**Exercise**
Retype the data below, every word of it, exactly.
+ + + +
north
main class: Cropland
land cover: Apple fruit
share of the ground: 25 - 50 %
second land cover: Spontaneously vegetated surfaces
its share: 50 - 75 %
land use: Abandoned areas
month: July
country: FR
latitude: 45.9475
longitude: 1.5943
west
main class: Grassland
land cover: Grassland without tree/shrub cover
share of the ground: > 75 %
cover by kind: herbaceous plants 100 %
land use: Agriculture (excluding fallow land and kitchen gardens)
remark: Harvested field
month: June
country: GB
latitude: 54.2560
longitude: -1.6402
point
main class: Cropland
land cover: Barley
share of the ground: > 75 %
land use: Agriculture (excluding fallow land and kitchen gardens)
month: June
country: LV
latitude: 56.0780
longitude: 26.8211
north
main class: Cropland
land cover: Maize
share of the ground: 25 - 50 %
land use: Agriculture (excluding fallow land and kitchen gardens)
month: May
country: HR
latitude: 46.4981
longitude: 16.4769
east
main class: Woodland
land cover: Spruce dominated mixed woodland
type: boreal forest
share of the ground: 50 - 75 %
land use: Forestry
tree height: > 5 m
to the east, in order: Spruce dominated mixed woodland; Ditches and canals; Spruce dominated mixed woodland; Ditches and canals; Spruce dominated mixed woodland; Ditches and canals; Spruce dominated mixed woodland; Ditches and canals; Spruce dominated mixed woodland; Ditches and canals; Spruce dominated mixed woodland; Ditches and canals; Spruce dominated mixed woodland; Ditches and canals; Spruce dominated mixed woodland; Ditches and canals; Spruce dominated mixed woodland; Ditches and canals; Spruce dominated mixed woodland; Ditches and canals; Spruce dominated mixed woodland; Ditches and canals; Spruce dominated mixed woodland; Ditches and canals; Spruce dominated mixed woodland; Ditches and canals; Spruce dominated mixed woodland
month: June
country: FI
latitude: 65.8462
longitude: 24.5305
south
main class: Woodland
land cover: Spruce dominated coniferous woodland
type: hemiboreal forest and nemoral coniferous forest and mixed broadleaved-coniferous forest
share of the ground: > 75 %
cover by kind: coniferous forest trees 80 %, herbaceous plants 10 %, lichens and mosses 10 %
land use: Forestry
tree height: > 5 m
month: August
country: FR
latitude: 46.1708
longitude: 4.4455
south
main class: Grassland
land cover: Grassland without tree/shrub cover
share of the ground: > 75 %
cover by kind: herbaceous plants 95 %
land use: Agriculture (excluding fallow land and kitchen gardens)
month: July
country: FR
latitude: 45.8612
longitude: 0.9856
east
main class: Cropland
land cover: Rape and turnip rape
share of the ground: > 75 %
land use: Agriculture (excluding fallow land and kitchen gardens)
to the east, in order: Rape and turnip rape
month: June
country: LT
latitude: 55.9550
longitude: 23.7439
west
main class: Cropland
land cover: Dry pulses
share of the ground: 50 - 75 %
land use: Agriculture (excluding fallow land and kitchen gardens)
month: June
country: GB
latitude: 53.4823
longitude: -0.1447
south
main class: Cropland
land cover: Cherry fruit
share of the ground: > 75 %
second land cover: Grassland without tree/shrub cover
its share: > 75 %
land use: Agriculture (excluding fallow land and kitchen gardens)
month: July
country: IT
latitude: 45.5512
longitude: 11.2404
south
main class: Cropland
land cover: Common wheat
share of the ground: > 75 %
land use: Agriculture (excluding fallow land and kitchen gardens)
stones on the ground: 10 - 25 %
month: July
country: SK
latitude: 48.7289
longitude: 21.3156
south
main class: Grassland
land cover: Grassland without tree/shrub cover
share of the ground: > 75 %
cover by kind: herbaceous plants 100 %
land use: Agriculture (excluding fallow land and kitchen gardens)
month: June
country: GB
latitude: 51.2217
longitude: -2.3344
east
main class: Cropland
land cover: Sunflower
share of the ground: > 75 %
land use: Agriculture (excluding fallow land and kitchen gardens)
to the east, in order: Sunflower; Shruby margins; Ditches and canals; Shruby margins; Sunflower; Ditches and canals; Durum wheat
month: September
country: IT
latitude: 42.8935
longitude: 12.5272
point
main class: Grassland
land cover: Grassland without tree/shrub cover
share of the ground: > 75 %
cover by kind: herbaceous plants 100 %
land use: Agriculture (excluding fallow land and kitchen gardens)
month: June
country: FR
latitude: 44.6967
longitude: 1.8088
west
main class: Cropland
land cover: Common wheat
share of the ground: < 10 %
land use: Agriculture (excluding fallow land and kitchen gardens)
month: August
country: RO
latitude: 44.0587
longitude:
+ + + +
**Written reply**
north
main class: Cropland
land cover: Apple fruit
share of the ground: 25 - 50 %
second land cover: Spontaneously vegetated surfaces
its share: 50 - 75 %
land use: Abandoned areas
month: July
country: FR
latitude: 45.9475
longitude: 1.5943
west
main class: Grassland
land cover: Grassland without tree/shrub cover
share of the ground: > 75 %
cover by kind: herbaceous plants 100 %
land use: Agriculture (excluding fallow land and kitchen gardens)
remark: Harvested field
month: June
country: GB
latitude: 54.2560
longitude: -1.6402
point
main class: Cropland
land cover: Barley
share of the ground: > 75 %
land use: Agriculture (excluding fallow land and kitchen gardens)
month: June
country: LV
latitude: 56.0780
longitude: 26.8211
north
main class: Cropland
land cover: Maize
share of the ground: 25 - 50 %
land use: Agriculture (excluding fallow land and kitchen gardens)
month: May
country: HR
latitude: 46.4981
longitude: 16.4769
east
main class: Woodland
land cover: Spruce dominated mixed woodland
type: boreal forest
share of the ground: 50 - 75 %
land use: Forestry
tree height: > 5 m
to the east, in order: Spruce dominated mixed woodland; Ditches and canals; Spruce dominated mixed woodland; Ditches and canals; Spruce dominated mixed woodland; Ditches and canals; Spruce dominated mixed woodland; Ditches and canals; Spruce dominated mixed woodland; Ditches and canals; Spruce dominated mixed woodland; Ditches and canals; Spruce dominated mixed woodland; Ditches and canals; Spruce dominated mixed woodland; Ditches and canals; Spruce dominated mixed woodland; Ditches and canals; Spruce dominated mixed woodland; Ditches and canals; Spruce dominated mixed woodland; Ditches and canals; Spruce dominated mixed woodland; Ditches and canals; Spruce dominated mixed woodland; Ditches and canals; Spruce dominated mixed woodland
month: June
country: FI
latitude: 65.8462
longitude: 24.5305
south
main class: Woodland
land cover: Spruce dominated coniferous woodland
type: hemiboreal forest and nemoral coniferous forest and mixed broadleaved-coniferous forest
share of the ground: > 75 %
cover by kind: coniferous forest trees 80 %, herbaceous plants 10 %, lichens and mosses 10 %
land use: Forestry
tree height: > 5 m
month: August
country: FR
latitude: 46.1708
longitude: 4.4455
south
main class: Grassland
land cover: Grassland without tree/shrub cover
share of the ground: > 75 %
cover by kind: herbaceous plants 95 %
land use: Agriculture (excluding fallow land and kitchen gardens)
month: July
country: FR
latitude: 45.8612
longitude: 0.9856
east
main class: Cropland
land cover: Rape and turnip rape
share of the ground: > 75 %
land use: Agriculture (excluding fallow land and kitchen gardens)
to the east, in order: Rape and turnip rape
month: June
country: LT
latitude: 55.9550
longitude: 23.7439
west
main class: Cropland
land cover: Dry pulses
share of the ground: 50 - 75 %
land use: Agriculture (excluding fallow land and kitchen gardens)
month: June
country: GB
latitude: 53.4823
longitude: -0.1447
south
main class: Cropland
land cover: Cherry fruit
share of the ground: > 75 %
second land cover: Grassland without tree/shrub cover
its share: > 75 %
land use: Agriculture (excluding fallow land and kitchen gardens)
month: July
country: IT
latitude: 45.5512
longitude: 11.2404
south
main class: Cropland
land cover: Common wheat
share of the ground: > 75 %
land use: Agriculture (excluding fallow land and kitchen gardens)
stones on the ground: 10 - 25 %
month: July
country: SK
latitude: 48.7289
longitude: 21.3156
south
main class: Grassland
land cover: Grassland without tree/shrub cover
share of the ground: > 75 %
cover by kind: herbaceous plants 100 %
land use: Agriculture (excluding fallow land and kitchen gardens)
month: June
country: GB
latitude: 51.2217
longitude: -2.3344
east
main class: Cropland
land cover: Sunflower
share of the ground: > 75 %
land use: Agriculture (excluding fallow land and kitchen gardens)
to the east, in order: Sunflower; Shruby margins; Ditches and canals; Shruby margins; Sunflower; Ditches and canals; Durum wheat
month: September
country: IT
latitude: 42.8935
longitude: 12.5272
point
main class: Grassland
land cover: Grassland without tree/shrub cover
share of the ground: > 75 %
cover by kind: herbaceous plants 100 %
land use: Agriculture (excluding fallow land and kitchen gardens)
month: June
country: FR
latitude: 44.6967
longitude: 1.8088
west
main class: Cropland
land cover: Common wheat
share of the ground: < 10 %
land use: Agriculture (excluding fallow land and kitchen gardens)
month: August
country: RO
latitude: 44.0587
longitude:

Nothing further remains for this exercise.